Election of Directors
            Our bylaws provide that the affirmative vote of a majority of the total votes cast “for” or “against” a nominee for director at a duly called meeting of stockholders at which a quorum is present is required to elect a director in an uncontested election. In a contested election, directors are elected by a plurality of the votes cast at a meeting of stockholders duly called and at which is a quorum is present. Under our bylaws, our Board of Directors may amend the bylaws to alter the vote required to elect directors.
Classified Board of Directors
            Our Board of Directors is divided into three classes of directors serving staggered three-year terms, with the term of office of only one of the three classes expiring each year. At each annual meeting of stockholders, directors of the class of directors whose term expires at such meeting will be elected to hold office for a term expiring at the third succeeding annual meeting of stockholders following the meeting at which they were elected and until their successors are duly elected and qualified. A classified Board of Directors may render a change in control of us or removal of our incumbent management more difficult. We believe, however, that the longer time required to elect a majority of a classified Board of Directors helps to ensure the continuity and stability of our management and policies.
Number of Directors; Removal; Vacancies
            Our certificate of incorporation and bylaws provide that the number of directors will be set only by the Board of Directors. Our bylaws provide that a majority of our entire Board of Directors may at any time increase or decrease the number of directors. However, unless our bylaws are amended, the number of directors may never be less than the minimum number required by the DGCL. Under the DGCL, unless the certificate of incorporation provides otherwise (which our certificate of incorporation does not), directors on a classified board such as our Board of Directors may be removed only for cause. Under our certificate of incorporation and bylaws, any vacancy on the Board of Directors, including a vacancy resulting from an enlargement of the Board of Directors, may be filled only by vote of a majority of the directors then in office. The limitations on the ability of our stockholders to remove directors and fill vacancies could make it more difficult for a third-party to acquire, or discourage a third-party from seeking to acquire, control of us.
Action by Stockholders
            Our certificate of incorporation provides that stockholder action can be taken only at an annual or special meeting of stockholders or by unanimous written consent in lieu of a meeting. This may have the effect of delaying consideration of a stockholder proposal until the next annual meeting.
Advance Notice Provisions for Stockholder Nominations and Stockholder Proposals
            Our bylaws provide that with respect to an annual meeting of stockholders, nominations of persons for election to the Board of Directors and the proposal of business to be considered by stockholders may be made only (1) by or at the direction of the Board of Directors, (2) pursuant to





our notice of meeting or (3) by a stockholder who was a stockholder of record at the time of provision of notice, at the record date and at the time of the meeting, who is entitled to vote at the meeting and who has complied with the advance notice procedures of the bylaws. With respect to special meetings of stockholders, only the business specified in our notice of the meeting may be brought before the meeting. Nominations of persons for election to the Board of Directors at a special meeting may be made only (1) by or at the direction of the Board of Directors or (2) provided that the special meeting has been called in accordance with our bylaws for the purposes of electing directors, by a stockholder who was a stockholder of record at the time of provision of notice, at the record date and at the time of the meeting, who is entitled to vote at the meeting and who has complied with the advance notice provisions of the bylaws.

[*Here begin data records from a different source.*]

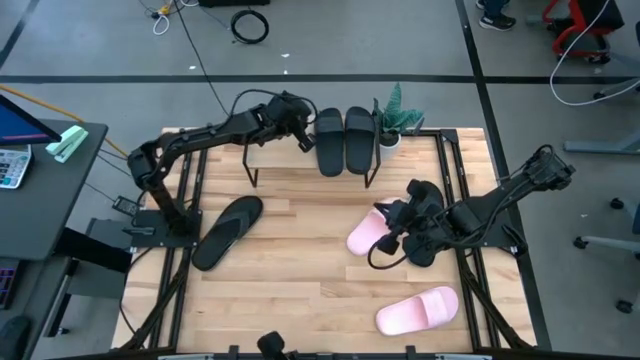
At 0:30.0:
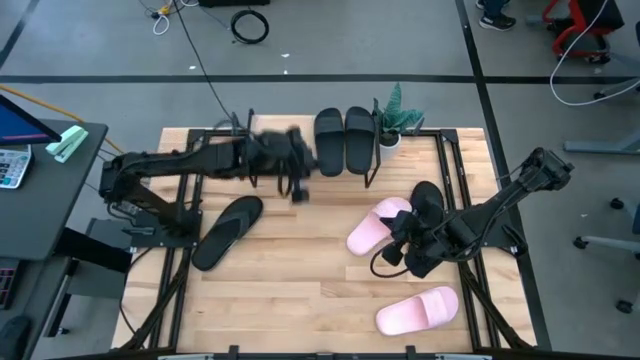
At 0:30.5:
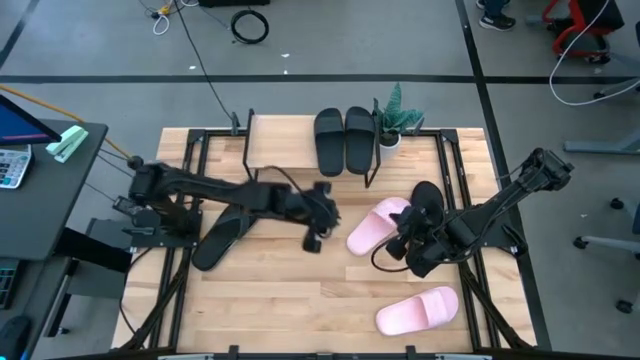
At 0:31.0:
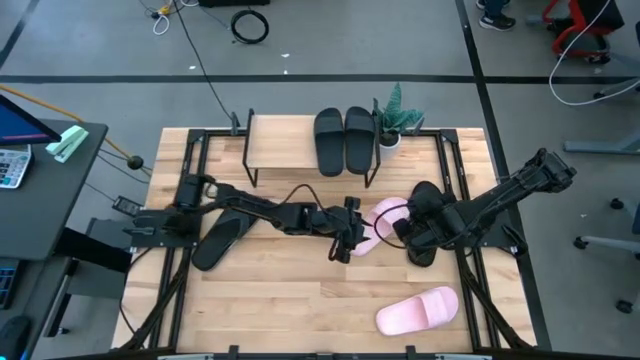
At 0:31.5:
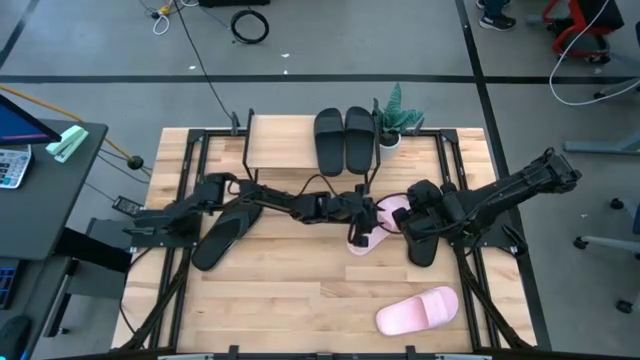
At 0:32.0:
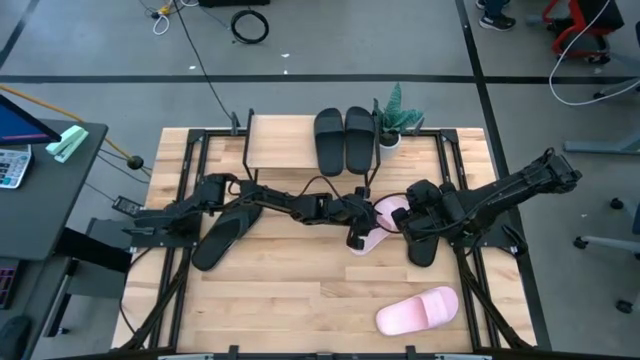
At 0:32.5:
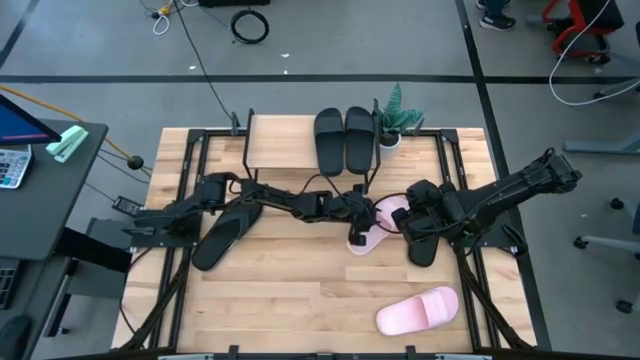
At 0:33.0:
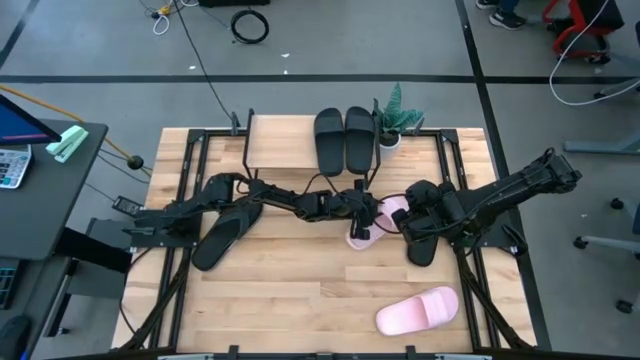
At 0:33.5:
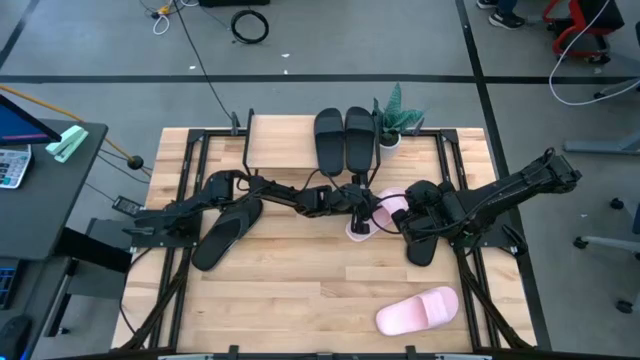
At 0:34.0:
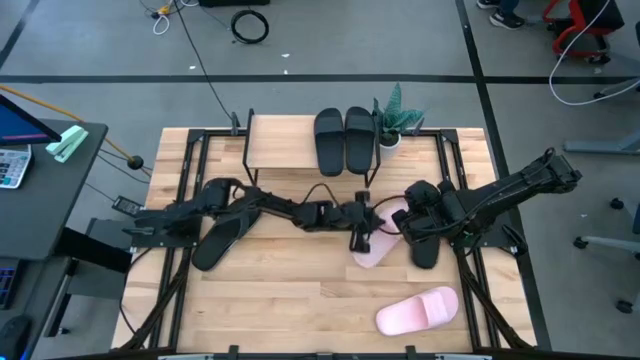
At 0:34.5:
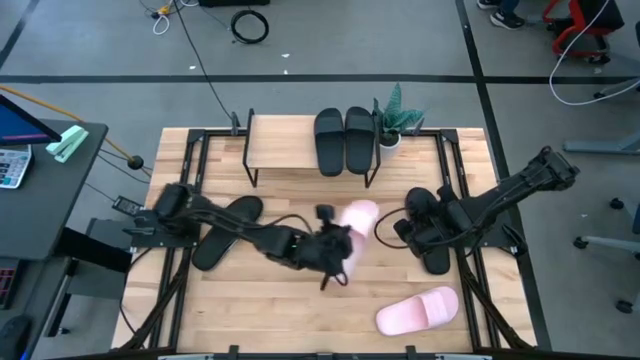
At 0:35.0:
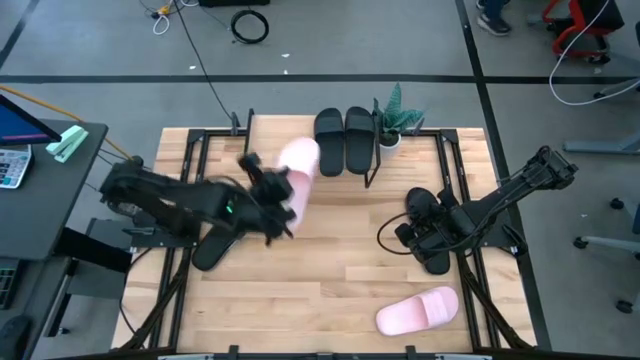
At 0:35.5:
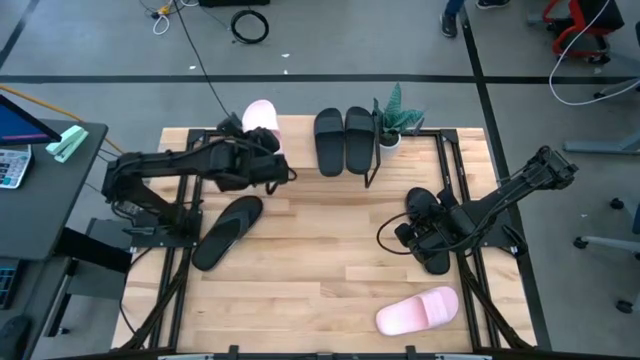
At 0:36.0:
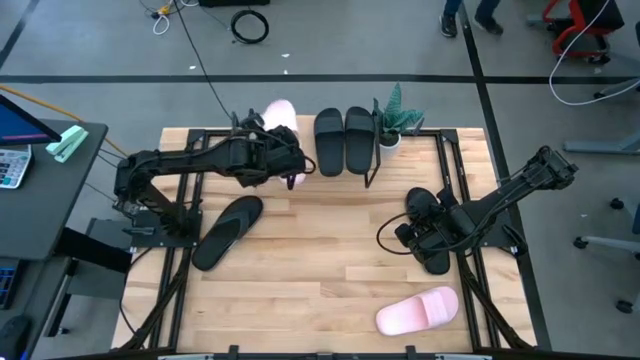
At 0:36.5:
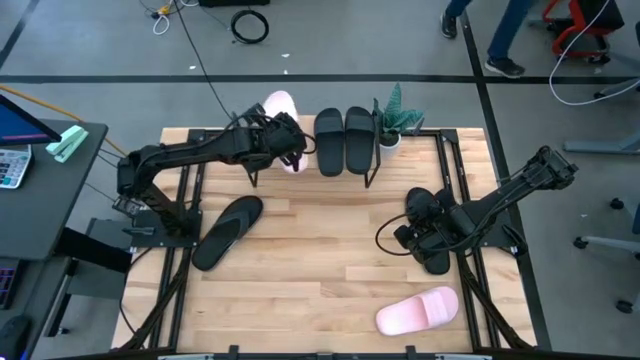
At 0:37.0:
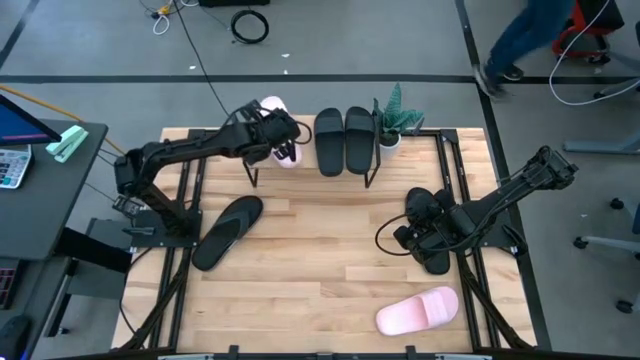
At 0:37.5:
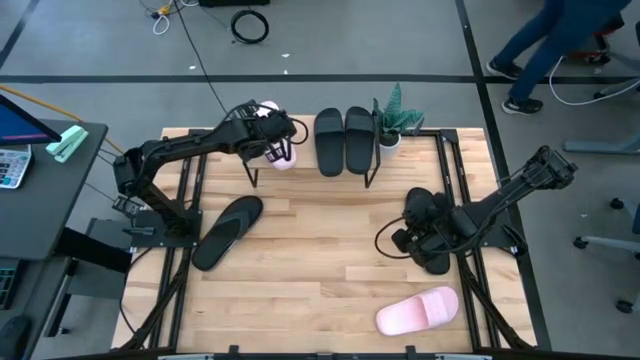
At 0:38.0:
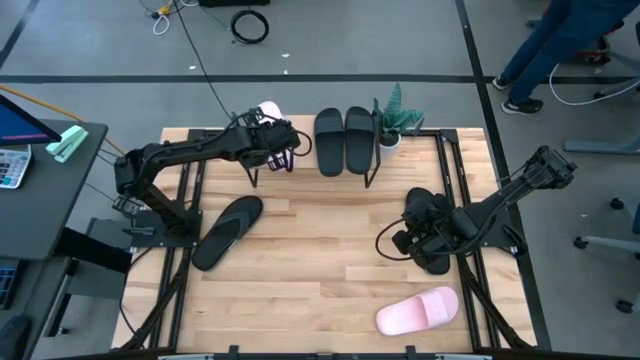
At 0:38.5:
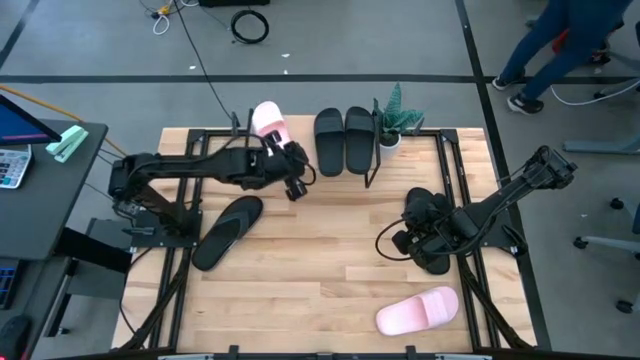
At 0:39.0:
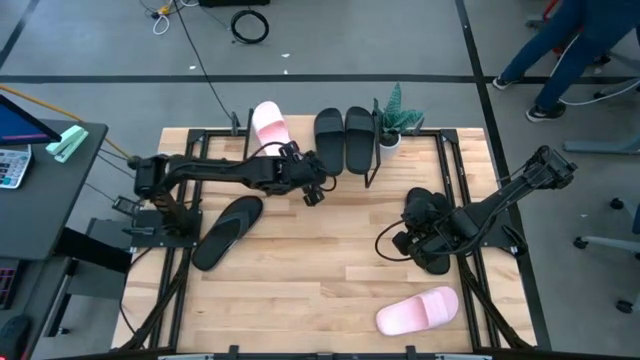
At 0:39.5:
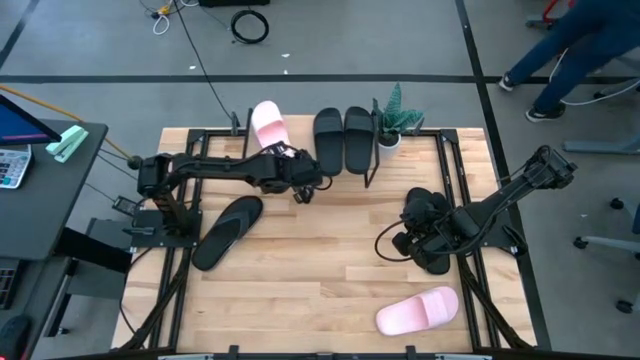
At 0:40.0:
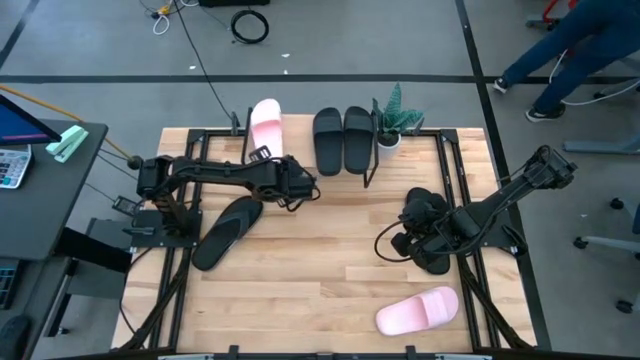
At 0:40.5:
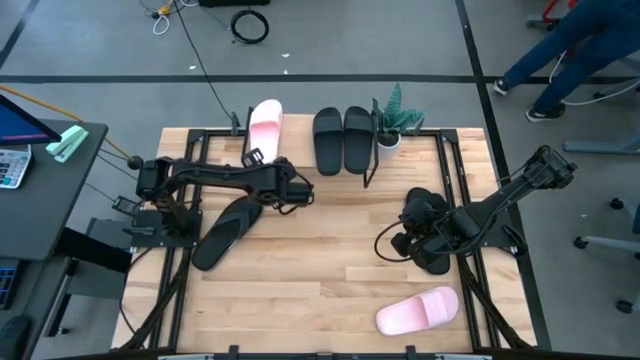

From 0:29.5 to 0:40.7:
Task: Pick and place slides into the shelf
Put the top pink slide on the shelf

            The purpose of requiring stockholders to give us advance notice of nominations and other business is to afford our Board of Directors a meaningful opportunity to consider the qualifications of the proposed nominees and the advisability of any other proposed business and, to the extent deemed necessary or desirable by our Board of Directors, to inform stockholders and make recommendations about such qualifications or business, as well as to provide a more orderly procedure for conducting meetings of stockholders. Although our bylaws do not give our Board of Directors any power to disapprove stockholder nominations for the election of directors or proposals recommending certain action, they may have the effect of precluding a contest for the election of directors or the consideration of stockholder proposals if proper procedures are not followed and of discouraging or deterring a third party from conducting a solicitation of proxies to elect its own slate of directors or to approve its own proposal without regard to whether consideration of such nominees or proposals might be harmful or beneficial to us and our stockholders.

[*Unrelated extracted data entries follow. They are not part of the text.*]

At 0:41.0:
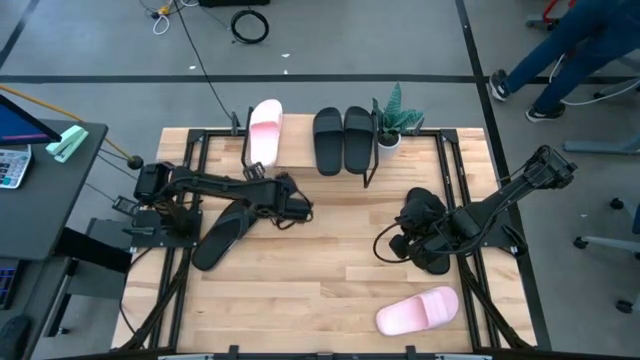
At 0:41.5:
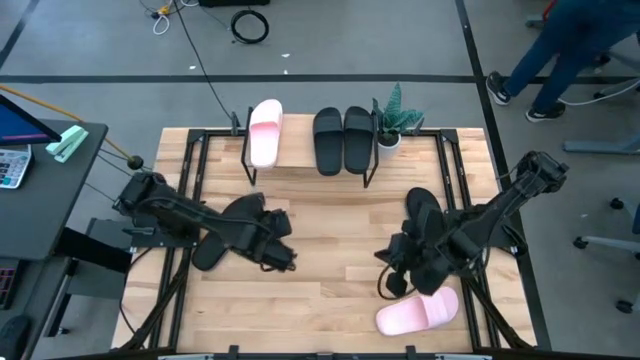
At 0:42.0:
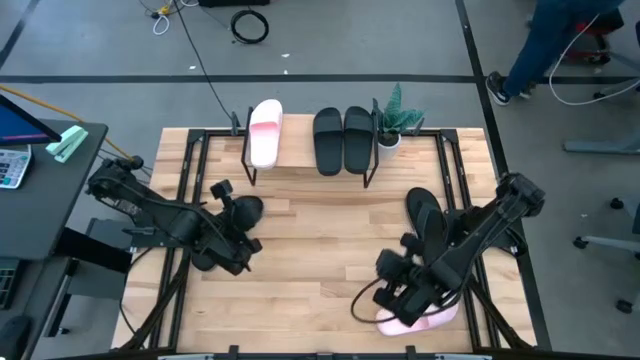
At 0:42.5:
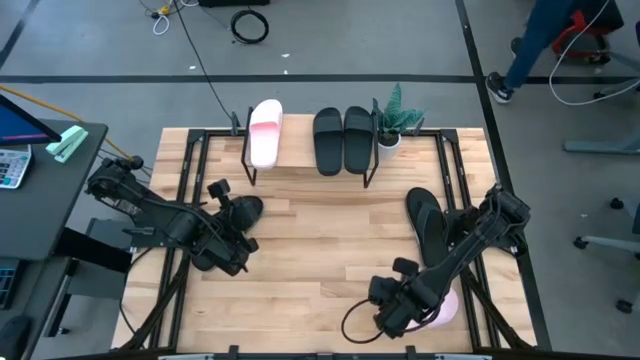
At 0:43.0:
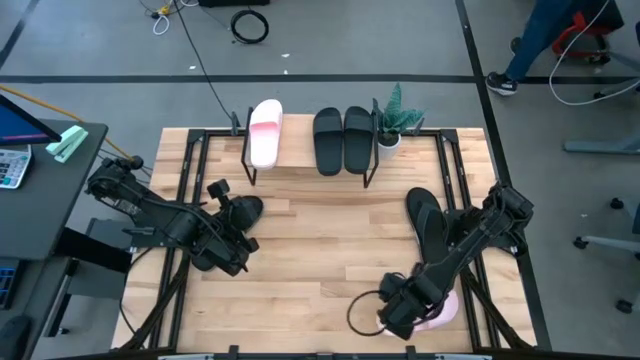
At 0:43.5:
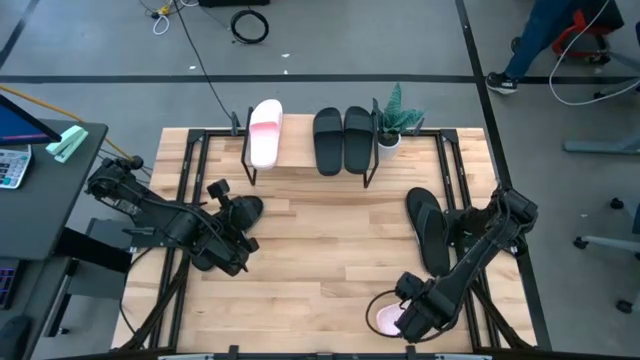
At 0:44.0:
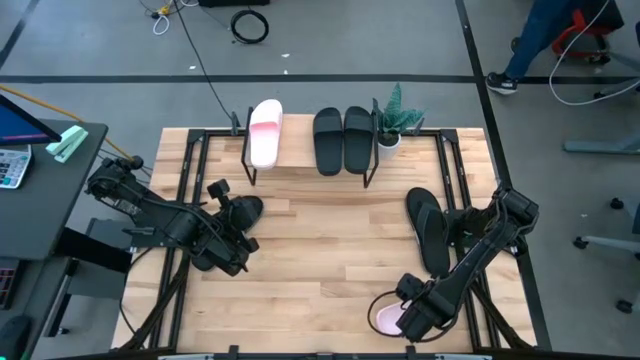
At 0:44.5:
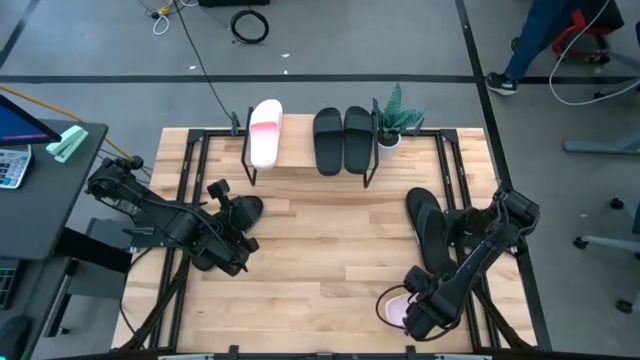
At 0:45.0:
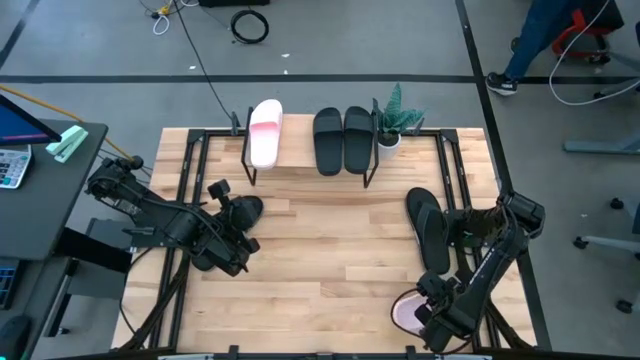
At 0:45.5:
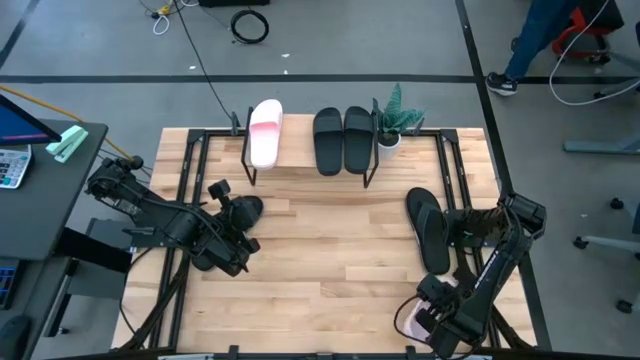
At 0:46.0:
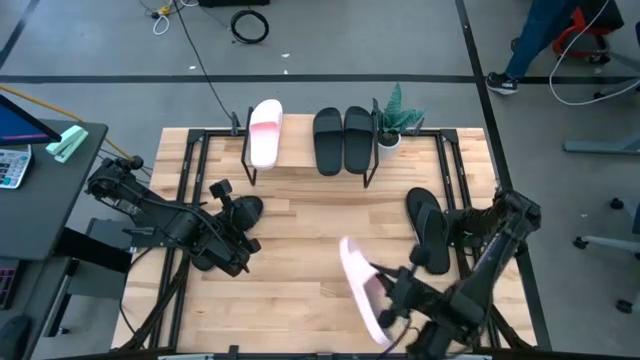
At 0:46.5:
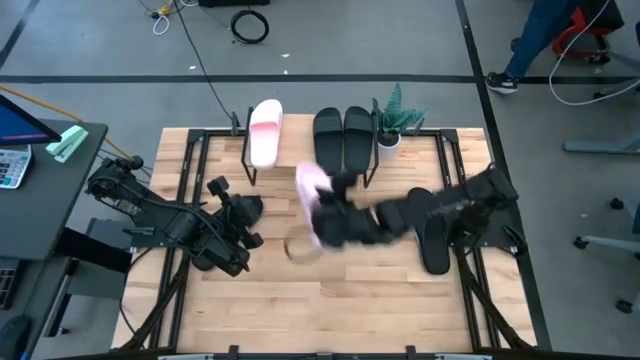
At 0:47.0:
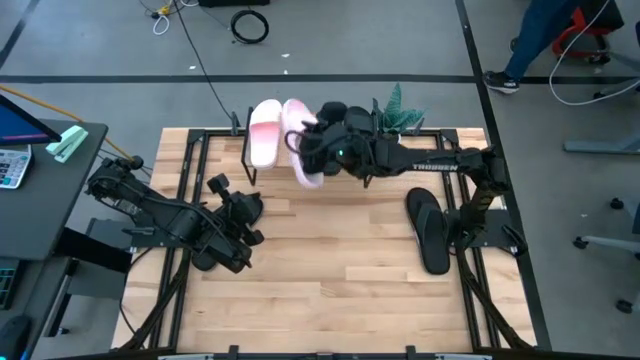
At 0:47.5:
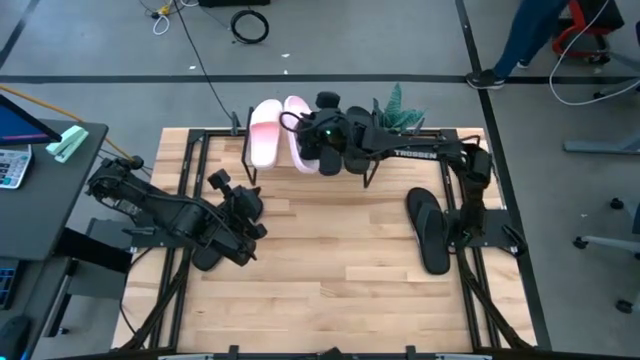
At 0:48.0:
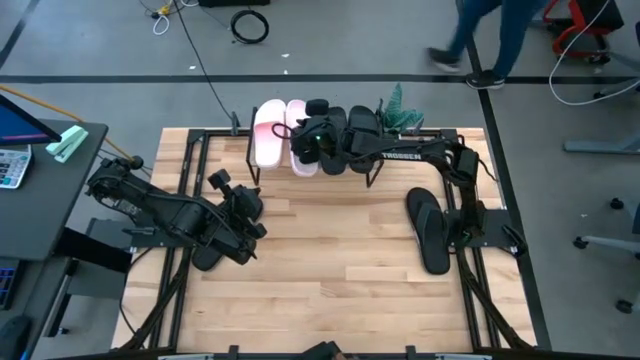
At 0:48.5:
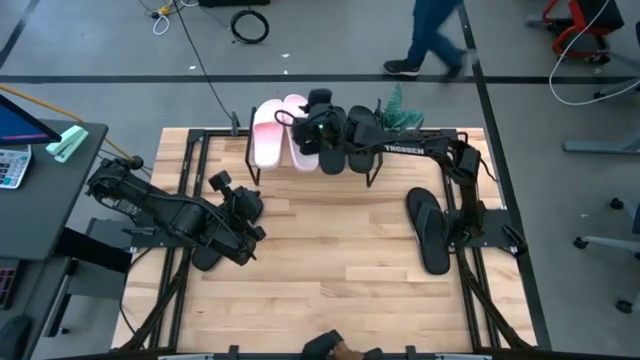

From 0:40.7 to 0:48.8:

Calling of Special Meetings of Stockholders
            Our bylaws provide that special meetings of stockholders may be called by our Board of Directors and certain of our officers. Additionally, our bylaws provide that, subject to the satisfaction of certain procedural and informational requirements by the stockholders requesting the meeting, a special meeting of stockholders will be called by the secretary of the corporation upon the written request of stockholders entitled to cast not less than a majority of all the votes entitled to be cast at such meeting.
Delaware Anti-Takeover Law
            The DGCL contains provisions that could make it more difficult for a potential acquirer to acquire us by means of a tender offer, proxy contest or otherwise. These provisions are expected to discourage certain coercive takeover practices and inadequate takeover bids and to encourage persons seeking to acquire control of us to negotiate first with our Board of Directors. These measures may delay, defer or prevent a transaction or a change in control that might otherwise be in the best interests of our stockholders. We believe, however, that the benefits of these provisions outweigh the potential disadvantages of discouraging any such acquisition proposals because the negotiation of such proposals may improve their terms.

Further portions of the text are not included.